Latitude: 53.2574 / 53°15'26"N

Longitude: -1.5746 / 1°34'28"W

OS Eastings: 428475.181187

OS Northings: 373460.535224

OS Grid: SK284734

Mapcode National: GBR KZFS.W0

Mapcode Global: WHCD2.SDC5

Entry Name: Cairnfield, field system and ring cairn 1300m NNW of Newbridge Farm

Scheduled Date: 24 January 2001

Source: Historic England

Source ID: 1019971

English Heritage Legacy ID: 31286

County: Derbyshire

Civil Parish: Baslow and Bubnell

Traditional County: Derbyshire

Lieutenancy Area (Ceremonial County): Derbyshire

Church of England Parish: Baslow St Anne

Church of England Diocese: Derby

Details

The monument includes a prehistoric cairnfield together with linear field
banks of clearance debris and a small ring cairn.

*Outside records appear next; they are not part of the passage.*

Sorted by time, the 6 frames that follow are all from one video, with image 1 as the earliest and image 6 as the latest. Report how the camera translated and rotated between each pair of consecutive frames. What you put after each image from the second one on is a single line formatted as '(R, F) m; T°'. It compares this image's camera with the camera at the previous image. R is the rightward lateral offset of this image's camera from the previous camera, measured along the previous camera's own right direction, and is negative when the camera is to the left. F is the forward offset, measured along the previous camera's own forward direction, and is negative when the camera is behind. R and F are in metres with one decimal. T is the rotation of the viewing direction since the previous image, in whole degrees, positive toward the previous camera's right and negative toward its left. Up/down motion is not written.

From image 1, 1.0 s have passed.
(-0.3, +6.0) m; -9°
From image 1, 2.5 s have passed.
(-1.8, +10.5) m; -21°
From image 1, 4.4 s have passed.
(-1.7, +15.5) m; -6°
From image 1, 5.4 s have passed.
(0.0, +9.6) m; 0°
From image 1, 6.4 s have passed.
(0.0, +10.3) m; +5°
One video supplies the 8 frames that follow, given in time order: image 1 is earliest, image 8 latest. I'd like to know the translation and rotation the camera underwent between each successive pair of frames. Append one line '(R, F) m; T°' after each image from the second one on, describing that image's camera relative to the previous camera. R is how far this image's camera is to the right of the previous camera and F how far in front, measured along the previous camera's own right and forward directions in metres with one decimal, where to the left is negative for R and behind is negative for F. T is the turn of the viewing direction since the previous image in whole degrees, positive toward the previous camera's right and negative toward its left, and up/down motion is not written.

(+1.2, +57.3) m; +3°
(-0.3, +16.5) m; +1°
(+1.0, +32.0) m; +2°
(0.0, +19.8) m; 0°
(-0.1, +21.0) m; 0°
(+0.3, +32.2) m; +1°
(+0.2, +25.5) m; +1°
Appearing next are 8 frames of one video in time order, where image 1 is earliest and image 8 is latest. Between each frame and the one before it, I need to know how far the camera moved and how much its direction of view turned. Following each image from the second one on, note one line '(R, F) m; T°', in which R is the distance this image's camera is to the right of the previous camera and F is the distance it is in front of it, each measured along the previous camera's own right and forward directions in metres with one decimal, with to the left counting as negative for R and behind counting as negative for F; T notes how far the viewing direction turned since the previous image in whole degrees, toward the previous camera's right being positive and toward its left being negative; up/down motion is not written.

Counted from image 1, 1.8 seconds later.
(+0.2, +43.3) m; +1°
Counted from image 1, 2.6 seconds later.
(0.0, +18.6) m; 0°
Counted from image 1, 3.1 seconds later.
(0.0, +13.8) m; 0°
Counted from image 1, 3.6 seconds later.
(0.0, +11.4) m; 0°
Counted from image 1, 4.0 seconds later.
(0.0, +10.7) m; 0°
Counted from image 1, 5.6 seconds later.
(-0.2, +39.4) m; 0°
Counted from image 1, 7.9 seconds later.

The complex occupies gently sloping ground in open moorland. It comprises a
compact cairnfield with linear banks of clearance debris identifying former
field plots. In addition, there is a small sub-circular ring cairn at the
southern edge of the complex. There are approximately 15 to 20 cairns within
the protected area, ranging from between 1.5m to 7m in diameter and most of
the examples remain intact. In addition to the cairns, there are two coaxial
linear banks of turf and stone indicating that at least part of the complex
was divided into field plots. The clearance banks were formed by debris from
the fields being placed against enclosure hedges or fences. At the southern
edge of the complex is a small ring cairn comprising a low sub-circular bank
of stones and turf. It measures approximately 17.5m by 15.5m internally with
the width of the bank being 2.5m. A small cairn of about 2m by 3.5m stands on
the north eastern edge of the ring cairn.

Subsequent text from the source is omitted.